What this task involves -
A single number is needed: how many lines of the data hold the word "width".

Dataset records -
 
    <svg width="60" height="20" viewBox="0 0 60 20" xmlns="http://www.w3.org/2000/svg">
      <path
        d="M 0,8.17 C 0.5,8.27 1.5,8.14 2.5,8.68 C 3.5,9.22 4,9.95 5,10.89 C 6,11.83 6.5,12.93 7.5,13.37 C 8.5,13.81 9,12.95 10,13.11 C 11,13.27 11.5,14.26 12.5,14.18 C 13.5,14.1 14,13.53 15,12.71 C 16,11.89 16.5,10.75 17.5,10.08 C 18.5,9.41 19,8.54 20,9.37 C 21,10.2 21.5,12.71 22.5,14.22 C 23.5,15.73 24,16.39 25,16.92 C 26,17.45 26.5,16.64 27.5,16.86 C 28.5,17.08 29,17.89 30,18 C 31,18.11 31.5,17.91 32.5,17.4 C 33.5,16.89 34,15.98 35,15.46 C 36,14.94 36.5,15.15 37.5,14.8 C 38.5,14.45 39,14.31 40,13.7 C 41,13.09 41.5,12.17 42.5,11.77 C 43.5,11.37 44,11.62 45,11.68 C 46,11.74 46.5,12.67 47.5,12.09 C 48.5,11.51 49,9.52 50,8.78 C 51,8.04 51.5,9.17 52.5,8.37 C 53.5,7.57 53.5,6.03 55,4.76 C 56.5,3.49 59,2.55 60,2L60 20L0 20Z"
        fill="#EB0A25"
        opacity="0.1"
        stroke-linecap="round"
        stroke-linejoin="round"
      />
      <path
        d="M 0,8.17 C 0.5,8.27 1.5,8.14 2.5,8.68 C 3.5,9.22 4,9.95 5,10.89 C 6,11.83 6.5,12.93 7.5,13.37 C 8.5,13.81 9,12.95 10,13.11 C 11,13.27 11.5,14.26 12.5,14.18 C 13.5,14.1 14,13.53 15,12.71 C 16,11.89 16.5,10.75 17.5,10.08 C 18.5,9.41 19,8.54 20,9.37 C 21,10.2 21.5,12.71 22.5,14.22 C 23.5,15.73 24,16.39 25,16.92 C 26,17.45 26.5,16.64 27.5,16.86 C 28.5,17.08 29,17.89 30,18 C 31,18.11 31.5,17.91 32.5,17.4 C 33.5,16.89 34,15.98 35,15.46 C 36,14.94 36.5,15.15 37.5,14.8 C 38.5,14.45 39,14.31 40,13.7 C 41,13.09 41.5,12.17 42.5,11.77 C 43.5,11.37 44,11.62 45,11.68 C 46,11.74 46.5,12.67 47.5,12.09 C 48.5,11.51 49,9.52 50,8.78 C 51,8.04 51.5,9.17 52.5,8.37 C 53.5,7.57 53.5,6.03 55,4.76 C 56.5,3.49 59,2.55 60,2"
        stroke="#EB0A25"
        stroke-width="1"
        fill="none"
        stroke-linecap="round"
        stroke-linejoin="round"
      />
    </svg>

Answer section -
2